C-CEBH Center For Comparative and Evolutionary Biology of Hearing

Featured Students

Our current featured students are: Beth Vernaleo (Birds), Vicky Hsiao-Wei Tu (Birds) , Genevieve Spanjer Wright (Bats) and Chris Glaze (Birds).

Beth Vernaleo

Beth Vernaleo always had an interest in Biology. As an undergraduate she decided to become a Neuroscience major because she figured it would help her in her quest to become an occupational therapist. That was before she caught the “Research bug”.
After Beth took an upper level Neuroscience research course, she realized she really enjoyed research, her favorite kind involving animal models of learning. It was then she decided to go to graduate school and study birdsong.


Why birdsong?

Birdsong is known to be a useful model for vocal learning and animal communication. It is a field that provides the grounds to answering multiple research questions.
In many songbird species, male birds sing to attract females and to defend their territories from other males. For some of her research projects Beth works with Zebra Finches.
Since becoming a graduate student she has worked at Dr Robert Dooling’s Laboratory of Comparative Psychoacoustics. She started out working on neural mechanisms of song learning and later became interested in perception of song.


Zebra Finch

The zebra finch is an interesting case amongst birdsong species. These birds sing only one song, which they use over and over during their lifetime.


Perception of song

One of the things Beth is looking into is which cues zebra finches pay attention to when they hear song.
Songs consist of brief bursts of sound (syllables) separated by silence (intervals). Each syllable is unique in its acoustic properties. Each syllable and interval in a song has a specific duration that is consistent from song to song. Below is a spectrogram of a motif, which is a specific ordering of syllables that is repeated over and over to form the song.
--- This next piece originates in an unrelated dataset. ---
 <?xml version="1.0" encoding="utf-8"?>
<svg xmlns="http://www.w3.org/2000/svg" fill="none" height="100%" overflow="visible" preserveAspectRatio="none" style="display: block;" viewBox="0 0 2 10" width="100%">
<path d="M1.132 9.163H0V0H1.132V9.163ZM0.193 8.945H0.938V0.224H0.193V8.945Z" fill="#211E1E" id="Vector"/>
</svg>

The syllables are labeled as A, B, C, D, E, F, and G.

Research Project

In one set of experiments, Beth is testing whether zebra finches can detect changes made to their song motifs, and what types of changes are most easily detected.
To test this she is modifying two parameters: duration of single intervals and timing of single syllables. More specifically she is increasing the duration of single intervals and reversing single syllables.
By doubling the length of silence between two syllables in a motif, a change is being made to the overall rhythm and timing of song.
In reversing a single syllable, the syllable is flipped in time, and is basically played backwards to the bird. This changes the timing of the syllable’s fine structure, rather than the overall timing of song.
For each target motif, only a single change is made. Some examples of target motifs are below. Changes are marked by asterisks, and can be compared to the original motif.


Experimental setup

Birds are tested using a discrimination experiment.
The testing setup consists of a cage that has two LEDs (red and green) placed on the wall. There is also a speaker overhead through which sounds are played to the bird. The original song motif is played as a repeating background, and the bird must peck the left (red) LED as this motif is being played. At random times, a changed motif is played to the bird instead of the original motif. If the bird detects a change from the original motif, he must peck the right (green) LED. If he does so correctly, he receives a food reward. If he does not detect a change, then he must remain pecking the left LED. By recording which keys the bird pecks during the changed motifs, we can determine which changes the bird can detect, how quickly he can detect these changes, and which changes the bird seems unable to detect.

Preliminary results

So far results suggest that zebra finches are quite good at discriminating syllable reversals, but are poor at discriminating changes to interval durations. Thus, changes to the overall timing and rhythm of song do not seem to be as salient as changes to individual syllables. This may be due in part to how the birds are listening to song. Song contains many different types of information, including frequency and timing information. Perhaps the birds are paying more attention to frequency patterns within the syllables, but less attention to the overall timing of syllables.


Future research

Beth continues to examine the ability of zebra finches to make fine temporal discriminations, using birdsongs in which the spectral content has been replaced by white noise.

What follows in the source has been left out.